▶ _Task objective_: Pictures are to be left out; everything else in the records must be repeated exactly.

====

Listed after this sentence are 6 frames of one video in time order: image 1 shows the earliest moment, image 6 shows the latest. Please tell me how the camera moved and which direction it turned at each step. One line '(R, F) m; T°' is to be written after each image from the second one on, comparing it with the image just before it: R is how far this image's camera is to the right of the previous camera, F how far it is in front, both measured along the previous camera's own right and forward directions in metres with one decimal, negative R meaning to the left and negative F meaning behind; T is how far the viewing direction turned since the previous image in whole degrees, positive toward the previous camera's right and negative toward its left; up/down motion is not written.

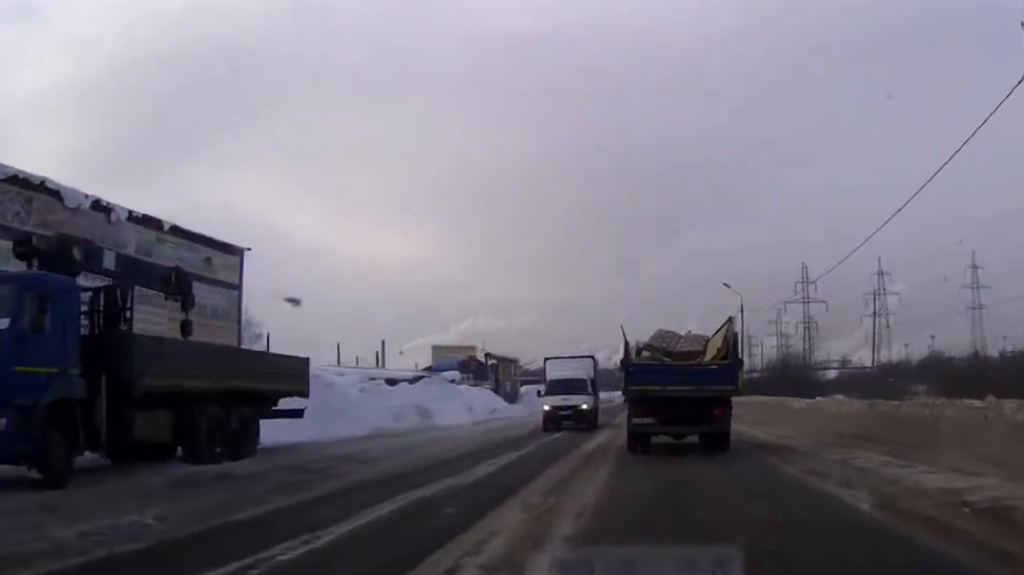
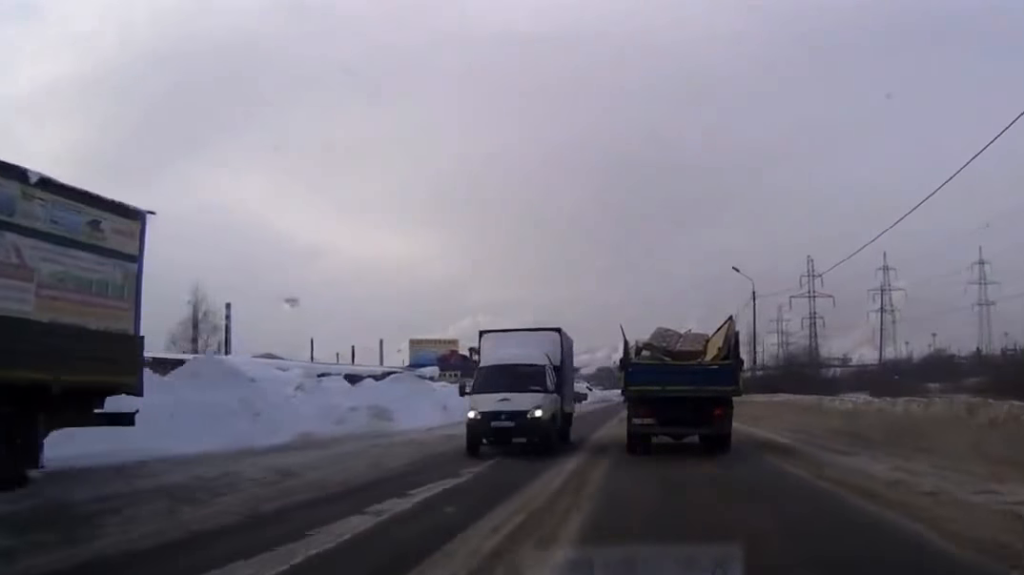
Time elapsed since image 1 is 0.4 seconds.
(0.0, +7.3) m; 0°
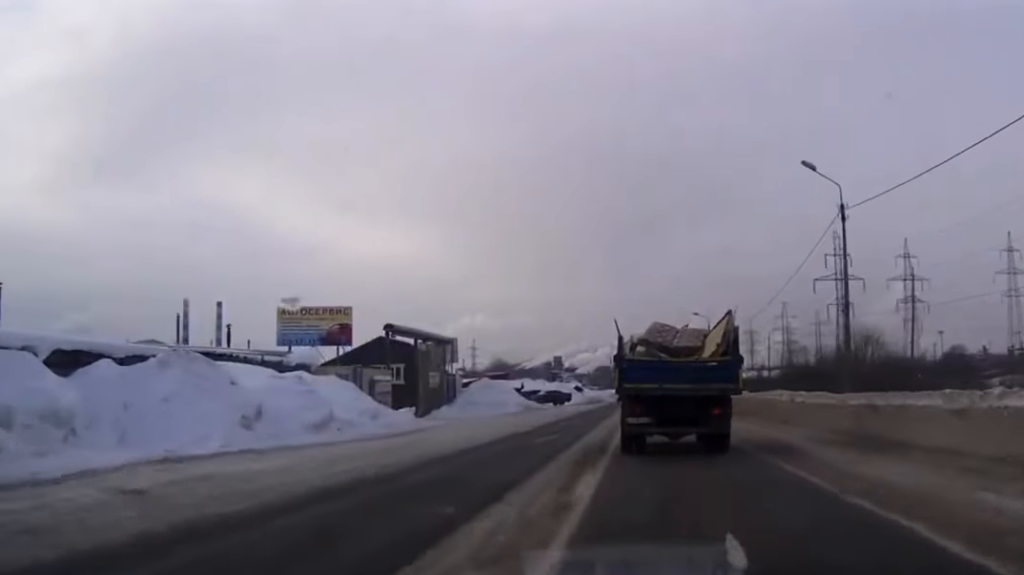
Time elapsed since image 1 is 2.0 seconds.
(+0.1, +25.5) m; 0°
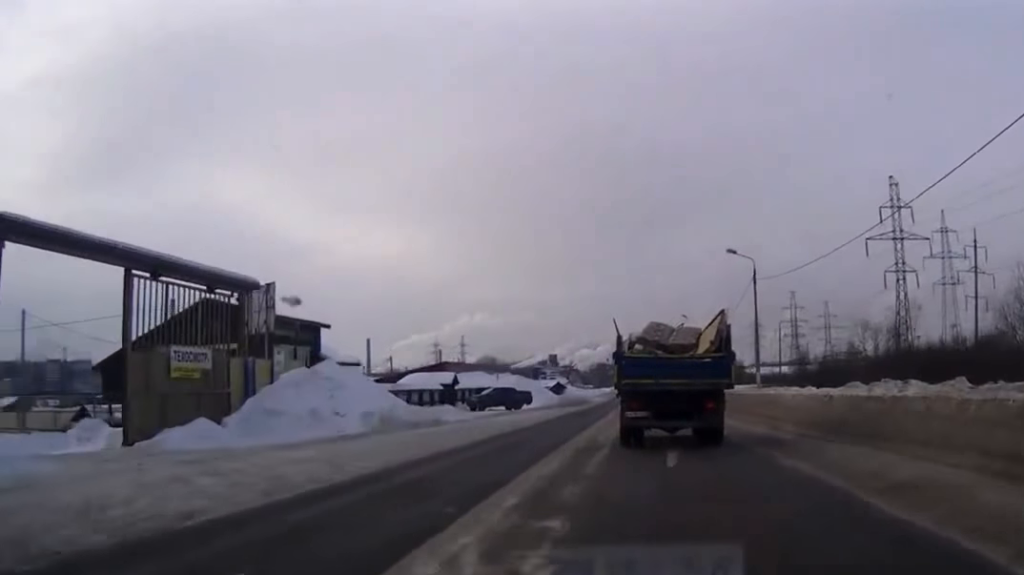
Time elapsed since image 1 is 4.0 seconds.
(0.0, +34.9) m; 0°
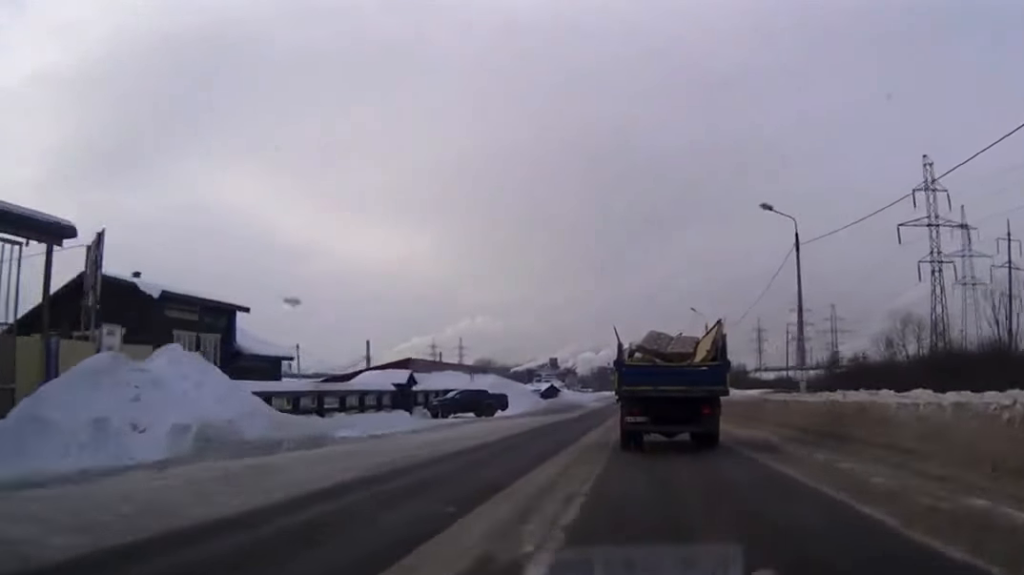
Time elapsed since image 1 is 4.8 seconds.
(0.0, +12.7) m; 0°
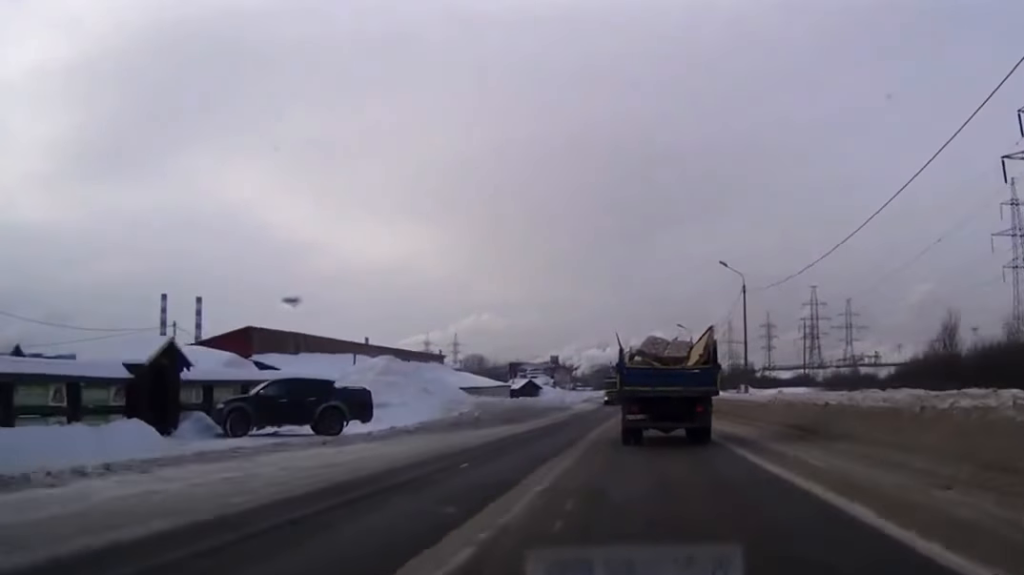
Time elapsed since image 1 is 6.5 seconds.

====

▶ _Task response_:
Listed after this sentence are 6 frames of one video in time order: image 1 shows the earliest moment, image 6 shows the latest. Please tell me how the camera moved and which direction it turned at each step. One line '(R, F) m; T°' is to be written after each image from the second one on, comparing it with the image just before it: R is how far this image's camera is to the right of the previous camera, F how far it is in front, both measured along the previous camera's own right and forward directions in metres with one decimal, negative R meaning to the left and negative F meaning behind; T is how far the viewing direction turned since the previous image in whole degrees, positive toward the previous camera's right and negative toward its left; up/down motion is not written.

Time elapsed since image 1 is 0.4 seconds.
(0.0, +7.3) m; 0°
Time elapsed since image 1 is 2.0 seconds.
(+0.1, +25.5) m; 0°
Time elapsed since image 1 is 4.0 seconds.
(0.0, +34.9) m; 0°
Time elapsed since image 1 is 4.8 seconds.
(0.0, +12.7) m; 0°
Time elapsed since image 1 is 6.5 seconds.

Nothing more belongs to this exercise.